■ Given records:
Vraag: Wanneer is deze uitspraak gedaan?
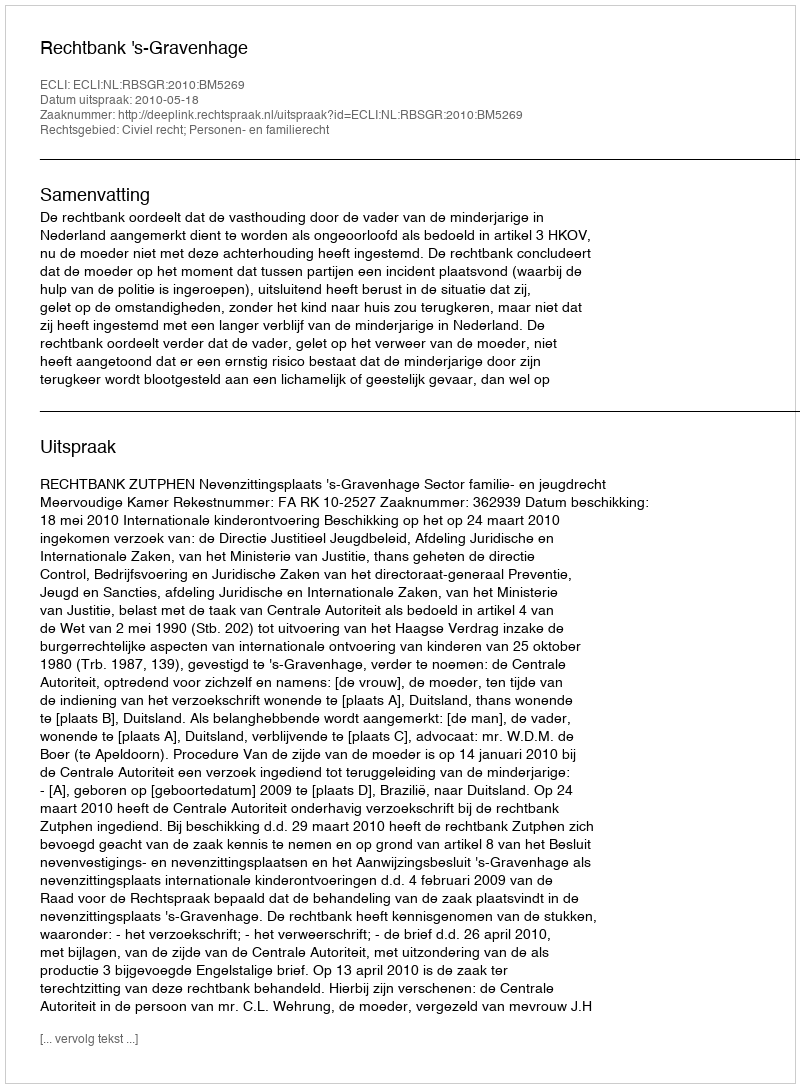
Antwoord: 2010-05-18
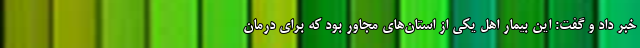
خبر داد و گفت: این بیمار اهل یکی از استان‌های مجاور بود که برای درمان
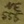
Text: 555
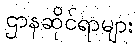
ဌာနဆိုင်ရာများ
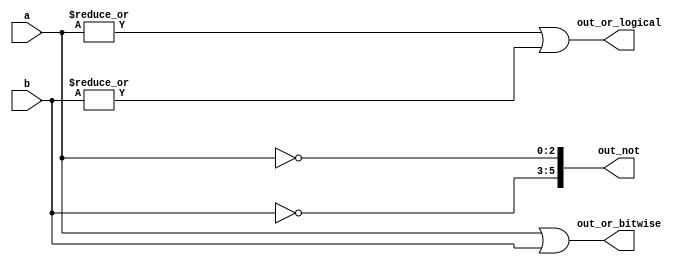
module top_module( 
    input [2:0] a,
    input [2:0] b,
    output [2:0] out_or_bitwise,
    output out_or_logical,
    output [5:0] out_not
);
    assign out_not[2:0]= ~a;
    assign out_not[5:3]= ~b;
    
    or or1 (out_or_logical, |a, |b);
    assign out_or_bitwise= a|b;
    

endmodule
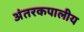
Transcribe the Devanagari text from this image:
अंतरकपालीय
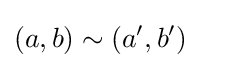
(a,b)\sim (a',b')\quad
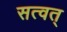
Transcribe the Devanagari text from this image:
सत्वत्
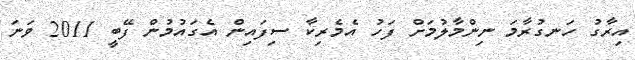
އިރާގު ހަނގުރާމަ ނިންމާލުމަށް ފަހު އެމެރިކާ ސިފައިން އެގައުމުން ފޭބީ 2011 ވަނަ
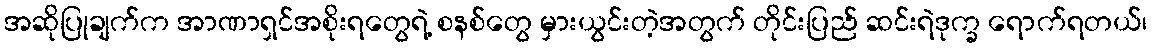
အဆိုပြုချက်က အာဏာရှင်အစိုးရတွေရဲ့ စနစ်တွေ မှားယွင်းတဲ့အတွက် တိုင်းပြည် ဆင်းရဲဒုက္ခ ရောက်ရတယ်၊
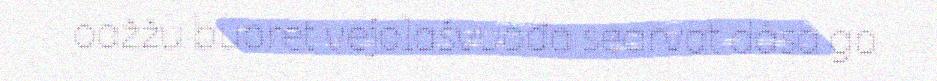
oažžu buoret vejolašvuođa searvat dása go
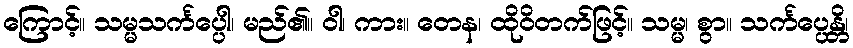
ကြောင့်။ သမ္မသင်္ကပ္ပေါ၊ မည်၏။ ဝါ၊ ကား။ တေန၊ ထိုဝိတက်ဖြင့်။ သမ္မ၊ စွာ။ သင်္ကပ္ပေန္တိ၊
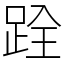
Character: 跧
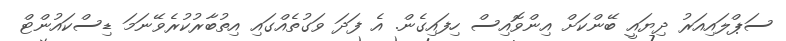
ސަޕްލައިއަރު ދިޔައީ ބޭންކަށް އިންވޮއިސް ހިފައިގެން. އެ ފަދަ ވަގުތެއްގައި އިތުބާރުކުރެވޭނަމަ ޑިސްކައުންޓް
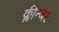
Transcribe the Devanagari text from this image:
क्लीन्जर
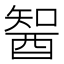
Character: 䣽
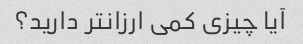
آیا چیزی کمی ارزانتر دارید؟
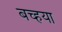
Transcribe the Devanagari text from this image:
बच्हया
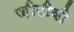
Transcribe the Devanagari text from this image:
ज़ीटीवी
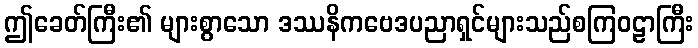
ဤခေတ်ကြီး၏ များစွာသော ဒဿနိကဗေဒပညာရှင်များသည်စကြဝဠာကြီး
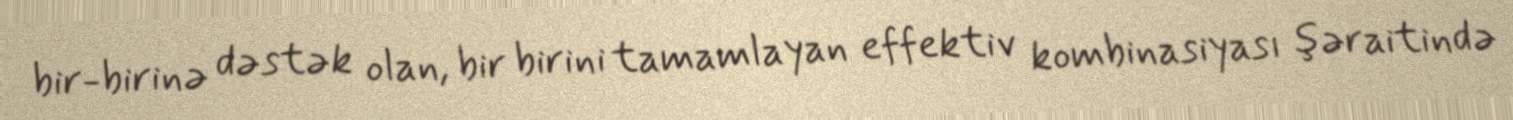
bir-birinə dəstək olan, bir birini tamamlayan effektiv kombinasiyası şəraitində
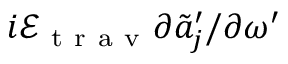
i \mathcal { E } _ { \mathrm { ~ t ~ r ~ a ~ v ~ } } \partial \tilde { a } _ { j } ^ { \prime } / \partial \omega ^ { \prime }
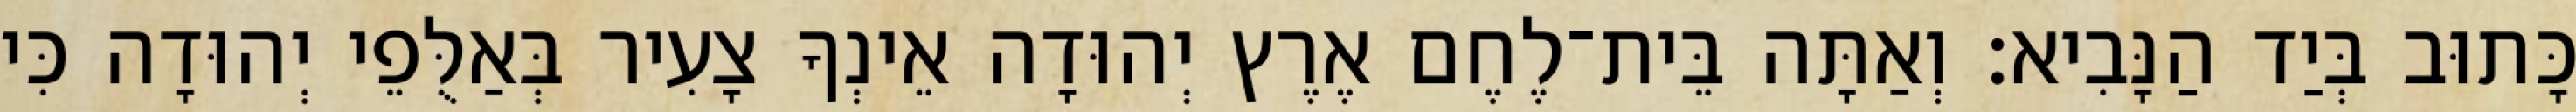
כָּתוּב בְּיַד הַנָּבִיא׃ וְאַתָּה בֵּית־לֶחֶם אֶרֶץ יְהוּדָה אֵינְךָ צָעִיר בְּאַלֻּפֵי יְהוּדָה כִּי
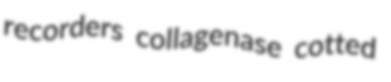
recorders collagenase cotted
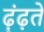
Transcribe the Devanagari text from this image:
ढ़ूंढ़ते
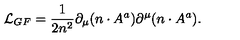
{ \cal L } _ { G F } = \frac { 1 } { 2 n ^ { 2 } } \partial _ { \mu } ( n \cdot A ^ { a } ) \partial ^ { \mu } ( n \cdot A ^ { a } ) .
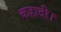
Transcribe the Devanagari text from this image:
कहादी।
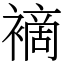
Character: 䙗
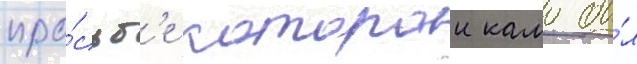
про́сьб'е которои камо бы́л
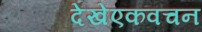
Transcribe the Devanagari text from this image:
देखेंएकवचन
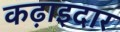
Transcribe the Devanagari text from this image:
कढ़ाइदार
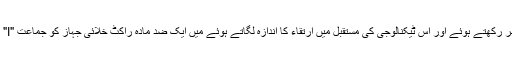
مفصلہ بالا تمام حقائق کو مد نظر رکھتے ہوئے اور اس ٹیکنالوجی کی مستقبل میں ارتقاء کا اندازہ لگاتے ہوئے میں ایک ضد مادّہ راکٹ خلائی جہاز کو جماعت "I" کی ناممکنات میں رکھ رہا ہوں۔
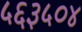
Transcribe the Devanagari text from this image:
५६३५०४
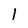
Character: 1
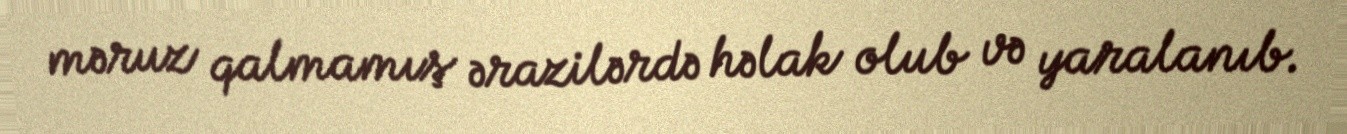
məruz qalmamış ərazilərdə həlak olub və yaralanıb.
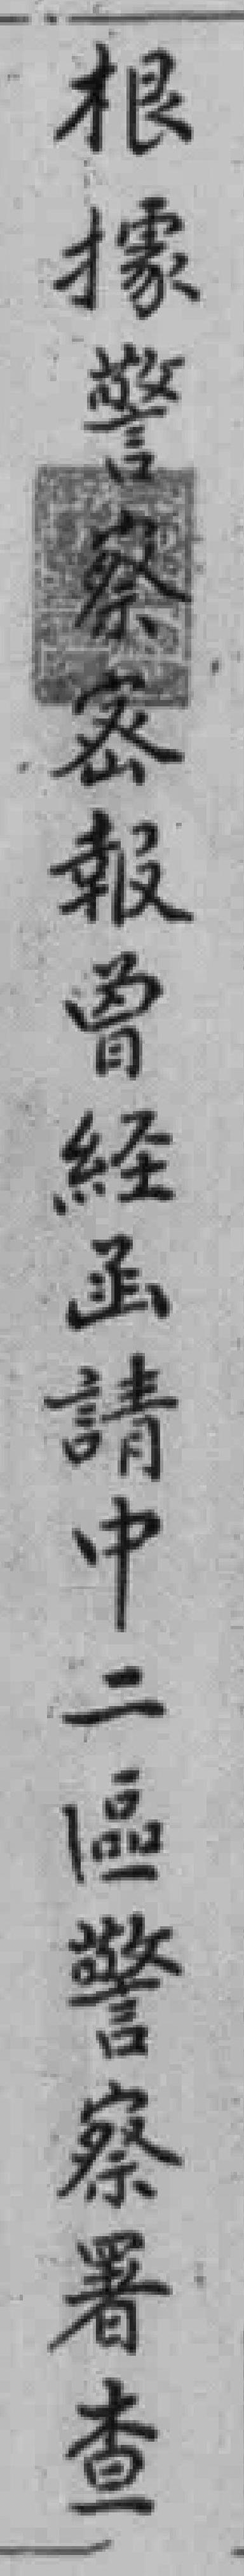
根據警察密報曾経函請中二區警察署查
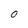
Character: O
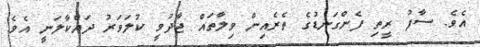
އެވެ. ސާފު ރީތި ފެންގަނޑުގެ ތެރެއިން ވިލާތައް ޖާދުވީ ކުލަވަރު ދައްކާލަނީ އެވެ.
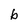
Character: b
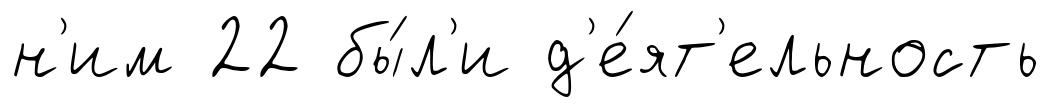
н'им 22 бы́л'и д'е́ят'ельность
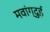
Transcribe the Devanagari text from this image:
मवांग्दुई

■ What you need to do: Your task is to retype the records above in full and exactly, omitting the pictures.

■ Result for this exercise:
Vraag: Wanneer is deze uitspraak gedaan?
Antwoord: 2010-05-18
خبر داد و گفت: این بیمار اهل یکی از استان‌های مجاور بود که برای درمان
Text: 555
ဌာနဆိုင်ရာများ
module top_module( 
    input [2:0] a,
    input [2:0] b,
    output [2:0] out_or_bitwise,
    output out_or_logical,
    output [5:0] out_not
);
    assign out_not[2:0]= ~a;
    assign out_not[5:3]= ~b;
    
    or or1 (out_or_logical, |a, |b);
    assign out_or_bitwise= a|b;
    

endmodule
Transcribe the Devanagari text from this image:
अंतरकपालीय
(a,b)\sim (a',b')\quad
Transcribe the Devanagari text from this image:
सत्वत्
އިރާގު ހަނގުރާމަ ނިންމާލުމަށް ފަހު އެމެރިކާ ސިފައިން އެގައުމުން ފޭބީ 2011 ވަނަ
အဆိုပြုချက်က အာဏာရှင်အစိုးရတွေရဲ့ စနစ်တွေ မှားယွင်းတဲ့အတွက် တိုင်းပြည် ဆင်းရဲဒုက္ခ ရောက်ရတယ်၊
oažžu buoret vejolašvuođa searvat dása go
ကြောင့်။ သမ္မသင်္ကပ္ပေါ၊ မည်၏။ ဝါ၊ ကား။ တေန၊ ထိုဝိတက်ဖြင့်။ သမ္မ၊ စွာ။ သင်္ကပ္ပေန္တိ၊
Character: 跧
ސަޕްލައިއަރު ދިޔައީ ބޭންކަށް އިންވޮއިސް ހިފައިގެން. އެ ފަދަ ވަގުތެއްގައި އިތުބާރުކުރެވޭނަމަ ޑިސްކައުންޓް
Transcribe the Devanagari text from this image:
क्लीन्जर
Character: 䣽
آیا چیزی کمی ارزانتر دارید؟
Transcribe the Devanagari text from this image:
बच्हया
Transcribe the Devanagari text from this image:
ज़ीटीवी
ဤခေတ်ကြီး၏ များစွာသော ဒဿနိကဗေဒပညာရှင်များသည်စကြဝဠာကြီး
bir-birinə dəstək olan, bir birini tamamlayan effektiv kombinasiyası şəraitində
i \mathcal { E } _ { \mathrm { ~ t ~ r ~ a ~ v ~ } } \partial \tilde { a } _ { j } ^ { \prime } / \partial \omega ^ { \prime }
כָּתוּב בְּיַד הַנָּבִיא׃ וְאַתָּה בֵּית־לֶחֶם אֶרֶץ יְהוּדָה אֵינְךָ צָעִיר בְּאַלֻּפֵי יְהוּדָה כִּי
recorders collagenase cotted
Transcribe the Devanagari text from this image:
ढ़ूंढ़ते
{ \cal L } _ { G F } = \frac { 1 } { 2 n ^ { 2 } } \partial _ { \mu } ( n \cdot A ^ { a } ) \partial ^ { \mu } ( n \cdot A ^ { a } ) .
Transcribe the Devanagari text from this image:
कहादी।
Character: 䙗
про́сьб'е которои камо бы́л
Transcribe the Devanagari text from this image:
देखेंएकवचन
Transcribe the Devanagari text from this image:
कढ़ाइदार
مفصلہ بالا تمام حقائق کو مد نظر رکھتے ہوئے اور اس ٹیکنالوجی کی مستقبل میں ارتقاء کا اندازہ لگاتے ہوئے میں ایک ضد مادّہ راکٹ خلائی جہاز کو جماعت "I" کی ناممکنات میں رکھ رہا ہوں۔
Transcribe the Devanagari text from this image:
५६३५०४
Character: 1
məruz qalmamış ərazilərdə həlak olub və yaralanıb.
根據警察密報曾経函請中二區警察署查
Character: O
އެވެ. ސާފު ރީތި ފެންގަނޑުގެ ތެރެއިން ވިލާތައް ޖާދުވީ ކުލަވަރު ދައްކާލަނީ އެވެ.
Character: b
н'им 22 бы́л'и д'е́ят'ельность
Transcribe the Devanagari text from this image:
मवांग्दुई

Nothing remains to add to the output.